I recently posted an "ice-fishing-shack" in the vehicle section that is made by SnoBear ... a two-track unit with skiis on the front and seating for upto 10 people. The unit has holes in the floor so that you can sit comfortably and fish straight through.

Another one I found is an amphibious ice-fishing shack ... even if you break through, you stay warm-n-dry ...


----------



## hiwall (Jun 15, 2012)

Ice fishing. There is nothing more entertaining than staring at a hole in the ice for hours while your body slowly freezes solid.


----------



## cowboyhermit (Nov 10, 2012)

That motorized shack is awesome. The thing about a shack is it keeps the light out so you can see down the hole, that is the most fun, especially in clear, shallow water. You can also throw a tarp over you, which is how at least some natives did it, of course hides though. Also it is really easy to keep the shack warm, they are black and any sun shining gets reflected off the snow and ice and absorbed by the canvas. But if you put in even a tiny heater you will be too warm in a hurry, a little propane heater is standard but have seen tiny wood stoves that worked great. The most fun we had is with the "4 man" variety, but if it is just you, you can use all the holes yourself and stay toasty warm all day. Sometimes people will light a fire out on the ice to make it more comfortable outside, usually in a barrel on a couple rocks (no it wont melt through).
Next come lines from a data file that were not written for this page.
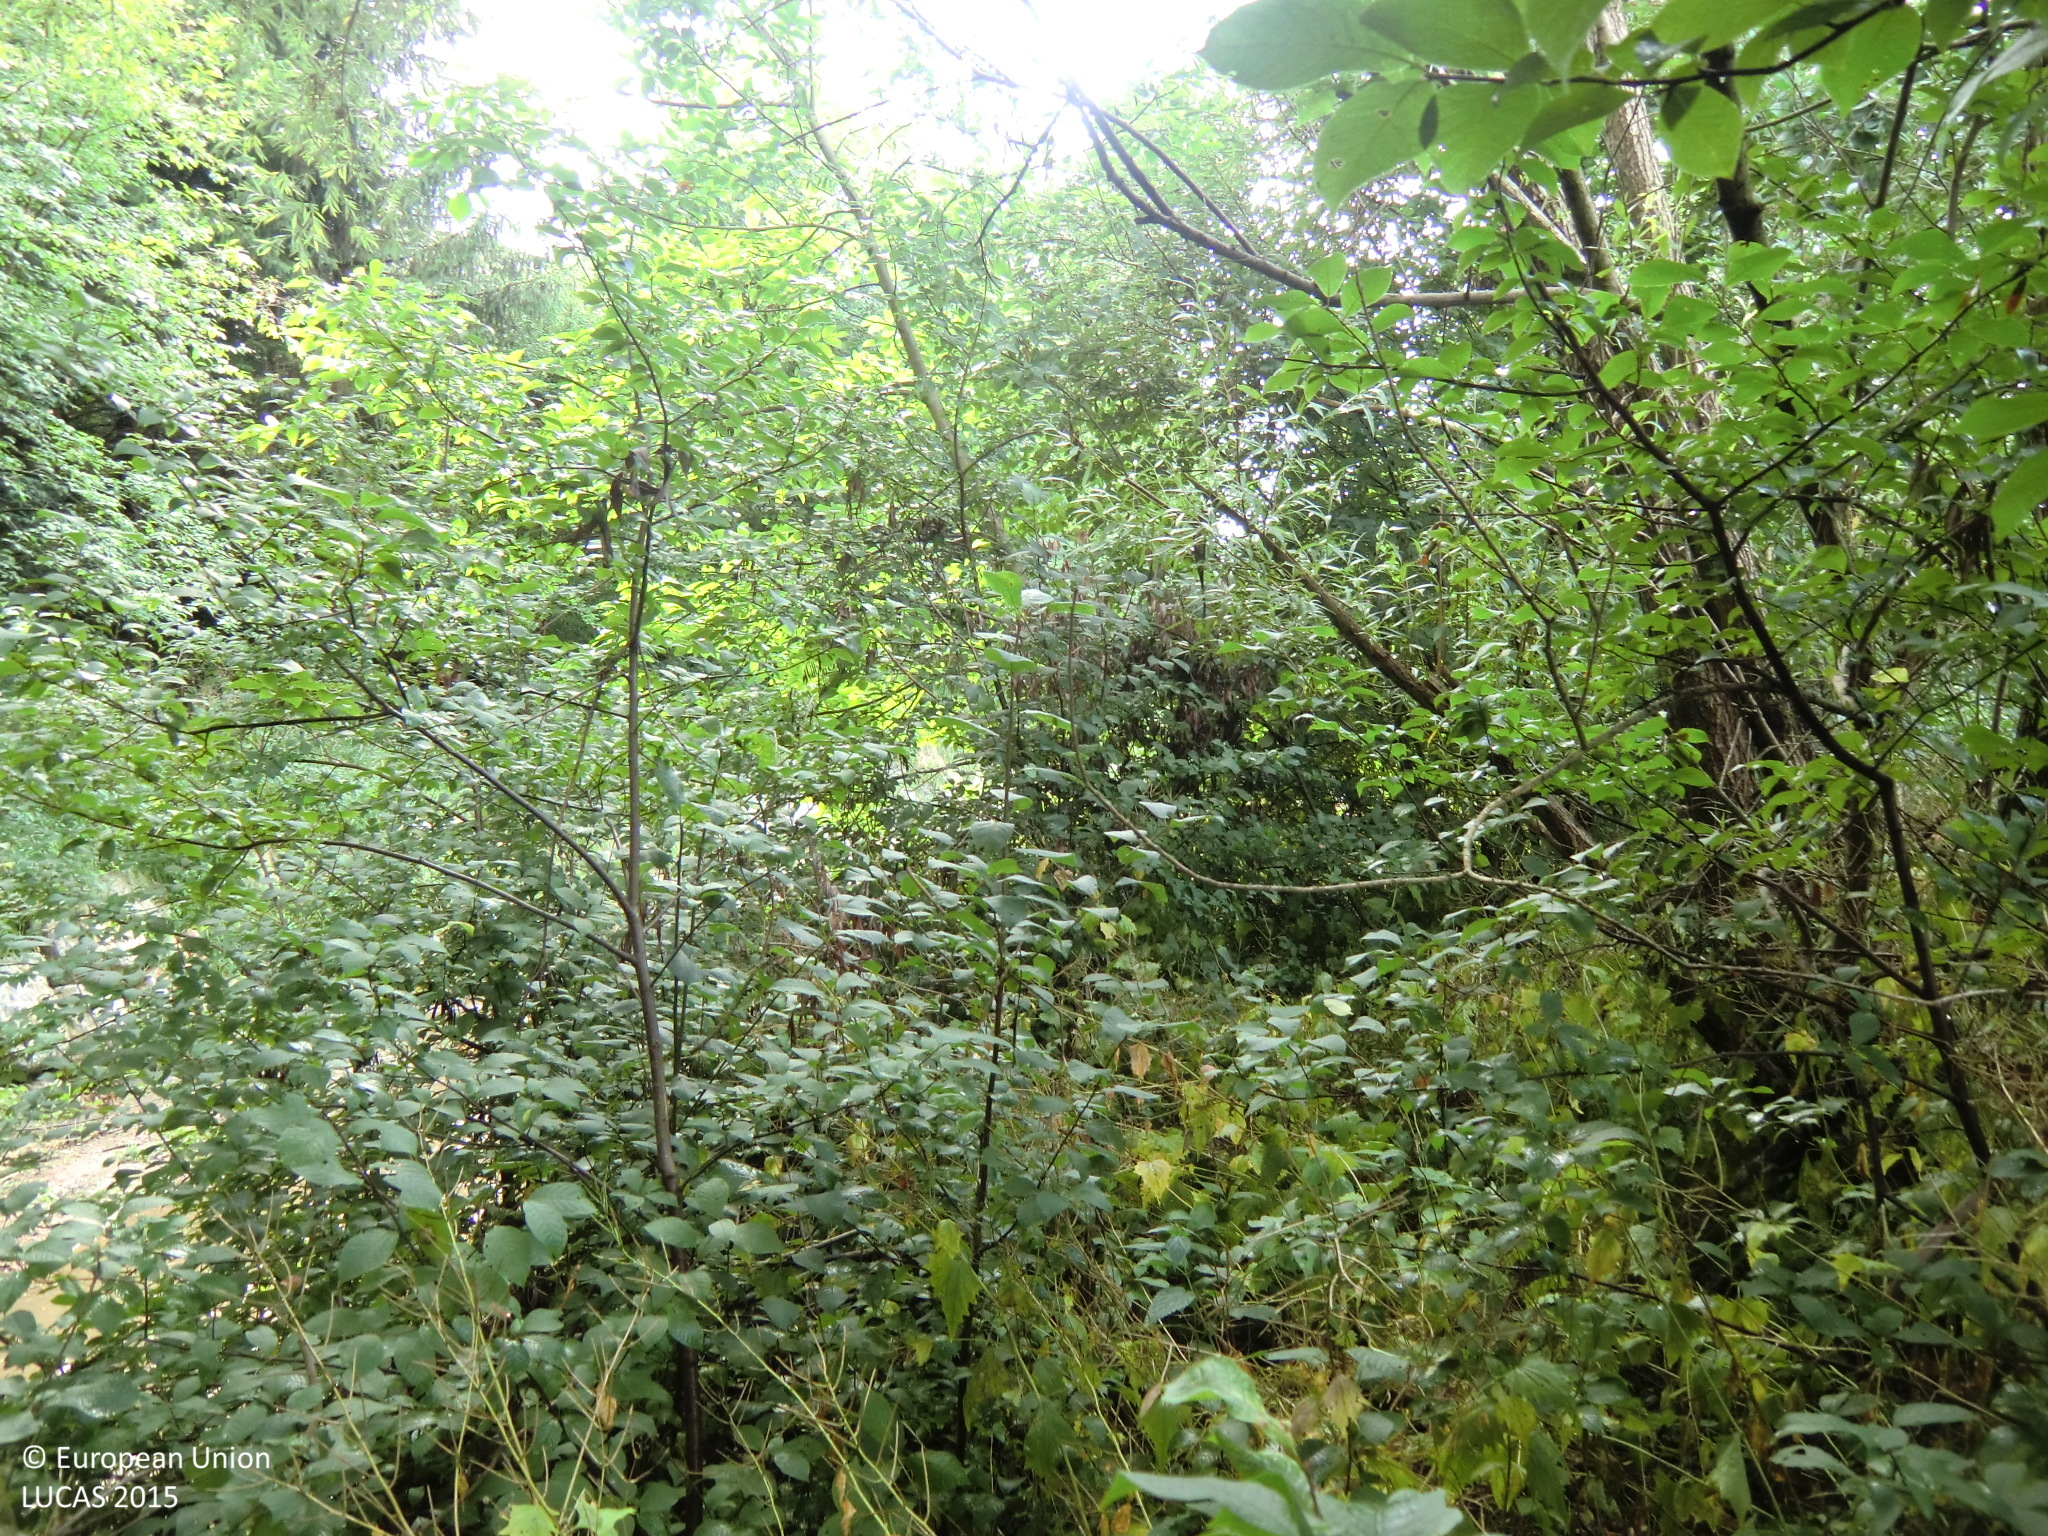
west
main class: Woodland
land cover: Broadleaved woodland
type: floodplain forest
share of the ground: > 75 %
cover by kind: broadleaved forest trees 90 %, herbaceous plants 10 %
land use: Semi-natural and natural areas not in use
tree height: > 5 m
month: July
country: AT
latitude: 47.0765
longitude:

Never really remember being cold out there, even as a little kid.
If you have your fishing license you should definitely give it a try now If you don't know anyone who does it then just head out to a lake with good fishing and on the weekend there should be people out there fishing away. Most of them I'm sure would be glad to give you a few tips. Heck you might even like it, I have fished on the ocean a lot and obviously on boats, from the shore etc. but ice fishing is my favorite, though fly fishing is close. 
I would also put ice fishing second only to nets in terms of productivity. My relatives used to catch a truckload (literally) of fish every winter and still have the pictures, but never really bothered the other three seasons, mainly because it was too hard to keep them fresh. In the winter that is not an issue, just drop them on the ice.


----------



## oif_ghost_tod (Sep 25, 2012)

hiwall said:


> Ice fishing. There is nothing more entertaining than staring at a hole in the ice for hours while your body slowly freezes solid.


Lol true.

Never have you seen more grown men freak out about their less than average fish than in an ice fishing contest.
Great excuse for supporting the local brewery though.
:beercheer:


----------